또한, 본 발명의 키트는 추가로 (1) 상기 바이오마커에 특이적으로 결합하는 검출용 항체 및 (2) 상기 검출용 항체에 결합할 특이적으로 결합할 수 있는 리간드를 포함할 수 있다. 상기 리간드에는 단백질 A 또는 검출용 항체에 특이적으로 결합하는 2차 항체 등이 있다. 또한 상기 리간드는 발색효소, 형광물질, 방사성 동위원소 또는 콜로이드 등의 검출체로 표지한 접합체(conjugate)일 수 있다. 상기 검출용 항체는 상기 리간드를 위해, 바이오틴화(biotinylation) 또는 다이곡시제닌(digoxigenin) 처리한 1차 항체를 이용하는 것이 바람직하나, 상기 검출용 항체의 처리방법은 이에 한정되지 않는다. 또한 상기 리간드로는 상기 검출용 항체에 결합하기 위해, 스트렙타비딘, 아비딘 등이 사용되는 것이 바람직하나, 이에 한정되지 않는다. 본 발명의 구체적인 실시예에서 상기 검출체로 형광물질을 부착한 스트렙타비딘(streptavidin)을 리간드로 사용하였으며, 상기 리간드를 위해 바이오틴화(biotinylation)시킨 검출용 항체를 이용하였다.In addition, the kit of the present invention may further comprise (1) a detection antibody that specifically binds to the biomarker and (2) a ligand that can specifically bind to the detection antibody. The ligand includes a secondary antibody that specifically binds to protein A or an antibody for detection. In addition, the ligand may be a conjugate labeled with a detector such as a chromophore, a fluorescent substance, a radioisotope or a colloid. The detection antibody is preferably a biotinylated or digoxigenin-treated primary antibody for the ligand, but the method of treating the detection antibody is not limited thereto. In addition, as the ligand, streptavidin, avidin, or the like is preferably used to bind the detection antibody, but is not limited thereto. In a specific embodiment of the present invention, streptavidin (streptavidin) having a fluorescent substance attached thereto was used as a ligand, and a detection antibody biotinylated for the ligand was used.
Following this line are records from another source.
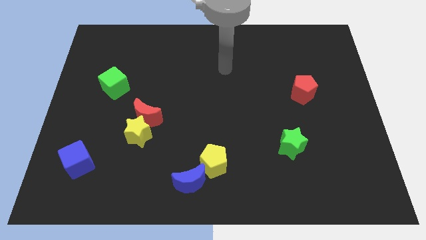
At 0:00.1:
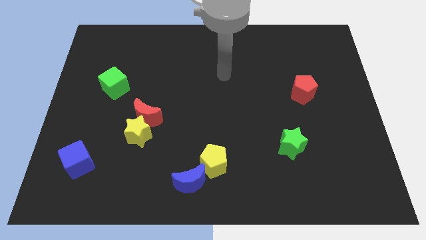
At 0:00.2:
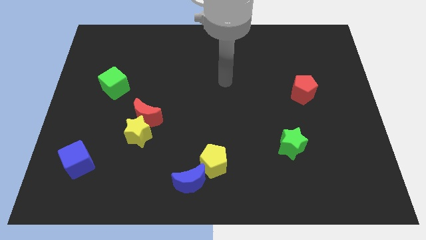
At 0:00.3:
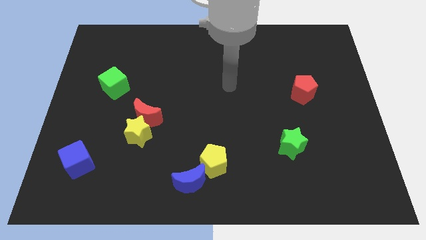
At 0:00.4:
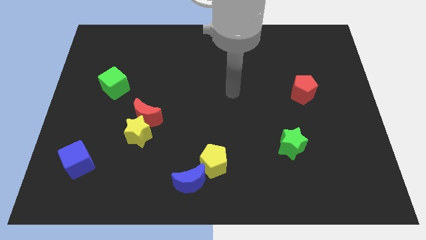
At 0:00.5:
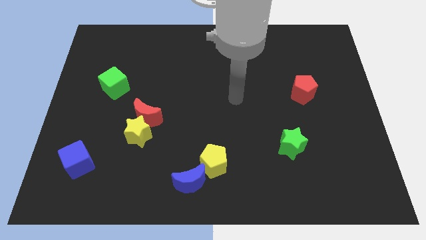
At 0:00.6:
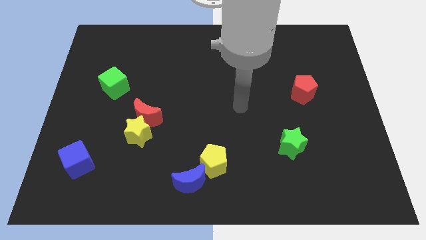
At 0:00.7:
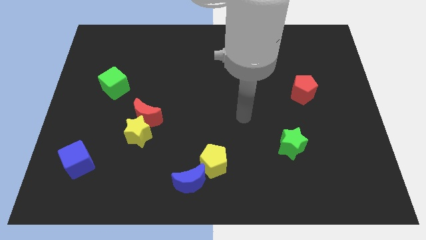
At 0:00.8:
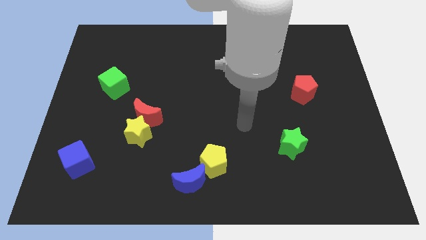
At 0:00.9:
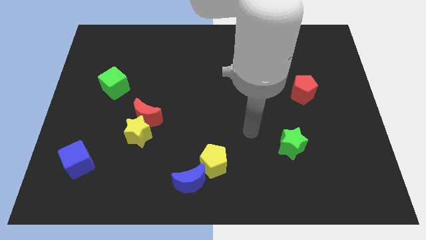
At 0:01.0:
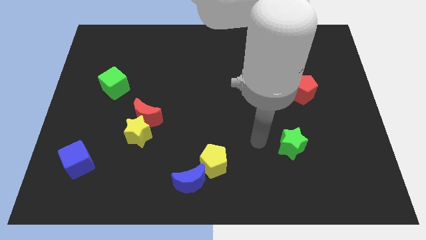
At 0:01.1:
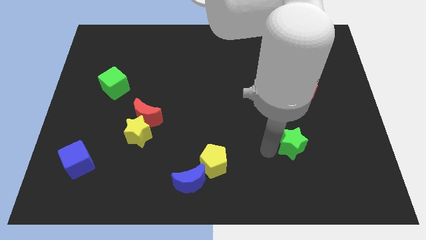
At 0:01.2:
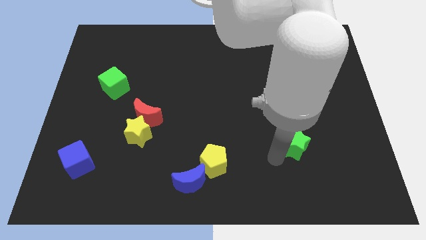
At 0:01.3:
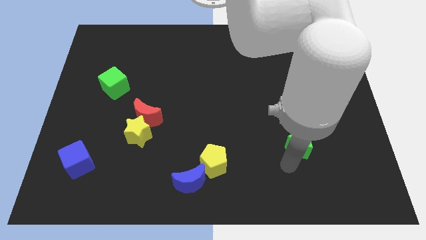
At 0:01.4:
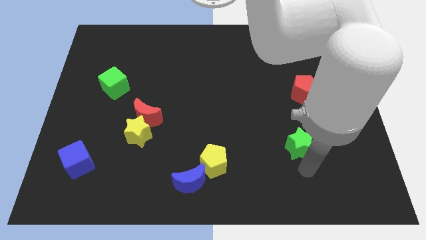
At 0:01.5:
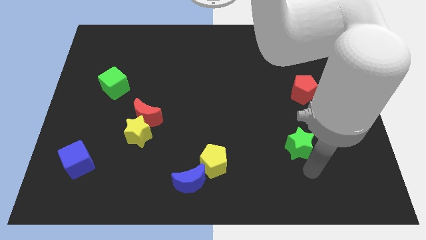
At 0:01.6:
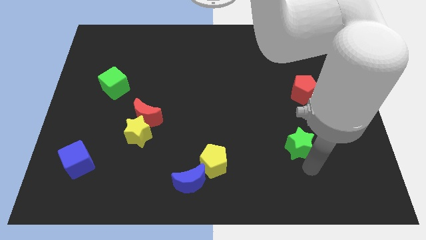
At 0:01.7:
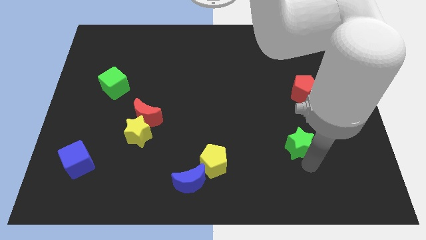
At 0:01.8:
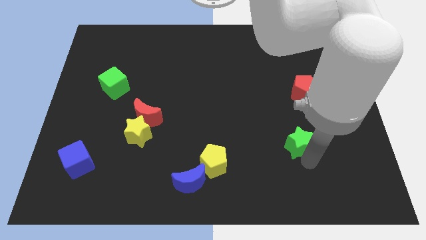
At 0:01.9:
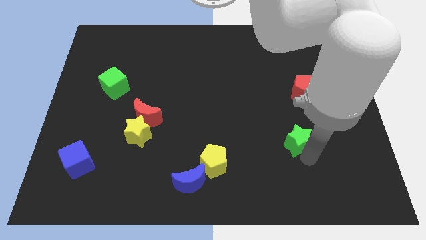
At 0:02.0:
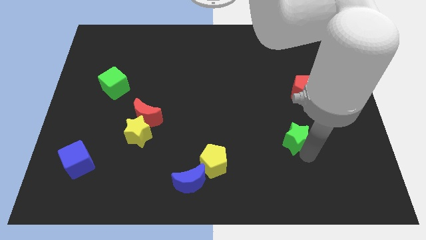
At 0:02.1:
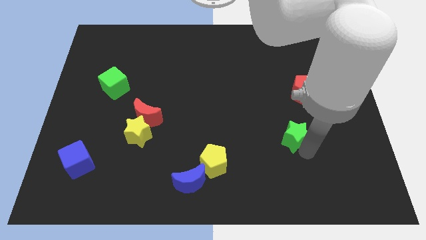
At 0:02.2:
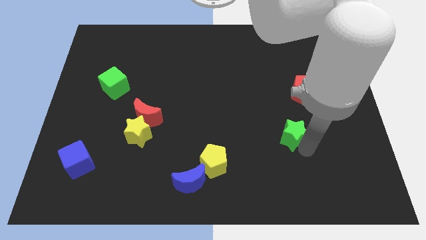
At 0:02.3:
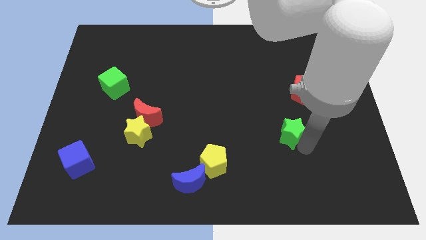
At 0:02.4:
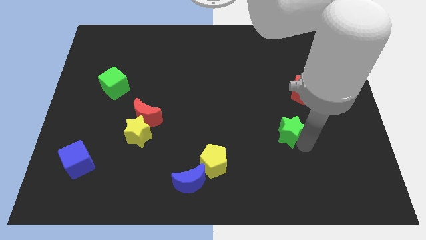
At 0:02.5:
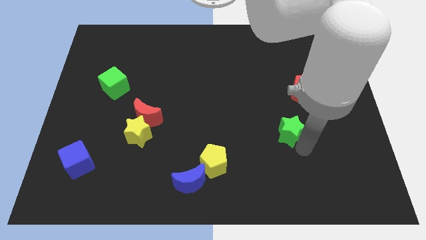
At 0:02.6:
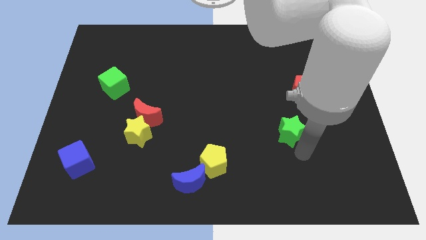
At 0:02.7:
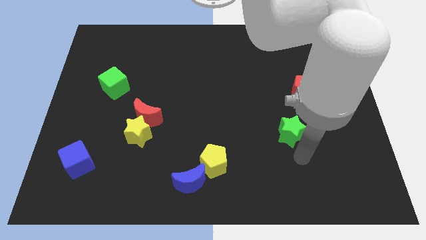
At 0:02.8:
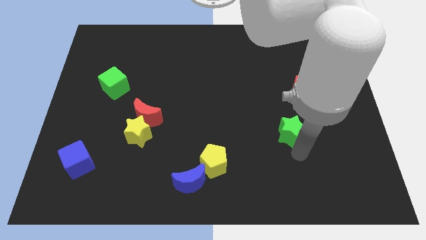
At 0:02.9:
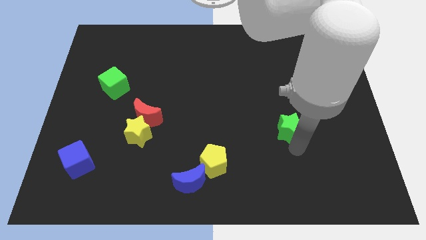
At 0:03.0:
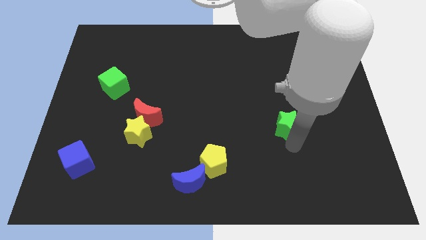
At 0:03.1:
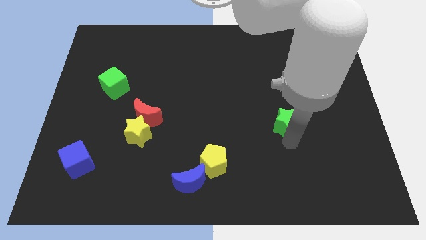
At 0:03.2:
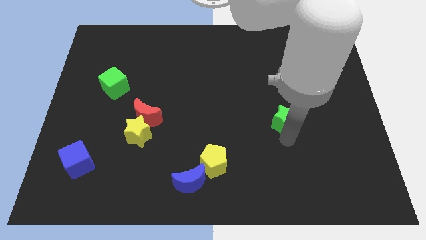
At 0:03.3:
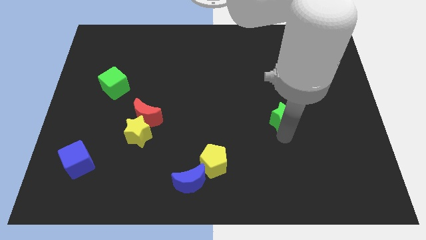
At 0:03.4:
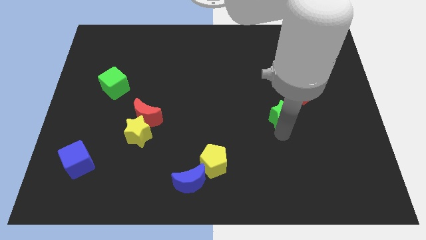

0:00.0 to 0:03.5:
move the green star slightly up

본 발명의 진단 및 스크리닝용 키트는 상기 항체 및 바이오마커 복합체에 검출용 항체를 처리한 후 검출용 항체의 양을 탐색함으로써 폐암을 진단 및 스크리닝할 수 있다. 또는 상기 항체 및 바이오마커 복합체에 검출용 항체 및 리간드를 순차적으로 처리한 후, 검출체용 항체의 양을 탐색함으로써 폐암을 진단 및 스크리닝할 수 있다. 본 발명의 바람직한 실시예에서, 검출용 항체를 세척된 항체-바이오마커 복합체와 정온배치한 후 세척하여 검출용 항체를 측정함으로써 상기 바이오마커의 양을 측정할 수 있다. 검출용 항체의 양 측정이나 존재 검출은 형광, 발광, 화학발광(chemiluminescence), 흡광도, 반사 또는 투과를 통해 이루어질 수 있다.The diagnostic and screening kit of the present invention can diagnose and screen lung cancer by treating the antibody and biomarker complex with a detection antibody and then searching for the amount of the detection antibody. Alternatively, the antibody and the biomarker complex may be sequentially treated with a detection antibody and a ligand, and then lung cancer may be diagnosed and screened by searching for the amount of the antibody for a detector. In a preferred embodiment of the present invention, the amount of the biomarker can be determined by measuring the antibody for detection by aligning the antibody for detection with the washed antibody-biomarker complex and then washing the antibody. Determination of the amount or detection of the antibody for detection can be made through fluorescence, luminescence, chemiluminescence, absorbance, reflection or transmission.

또한, 상기 검출용 항체 또는 리간드의 양을 탐색하는 방법으로는 초고속 스크리닝(high throughput screening, HTS) 시스템을 이용하는 것이 바람직하고, 여기에는 검출체로 형광물질이 부착되어 형광을 검출함으로써 수행되는 형광법 또는 검출체로 방사선 동위원소가 부착되어 방사선을 검출함으로써 수행되는 방사선법; 검출체의 표지 없이 표면의 플라즈몬 공명 변화를 실시간으로 측정하는 SPR(surface plasmon resonance) 방법 또는 SPR 시스템을 영상화하여 확인하는 SPRI(surface plasmon resonance imaging) 방법을 이용하는 것이 바람직하나 이에 한정되지 않는다.In addition, as a method of detecting the amount of the antibody or ligand for detection, it is preferable to use a high throughput screening (HTS) system, wherein a fluorescence method or detection performed by detecting a fluorescence by attaching a fluorescent material to the detector Radiation method performed by detecting radiation by attaching a radioisotope into a sieve; It is preferable to use a surface plasmon resonance (SPR) method for measuring the plasmon resonance change of the surface in real time without a label of the detector, or a SPRI (surface plasmon resonance imaging) method for imaging the SPR system.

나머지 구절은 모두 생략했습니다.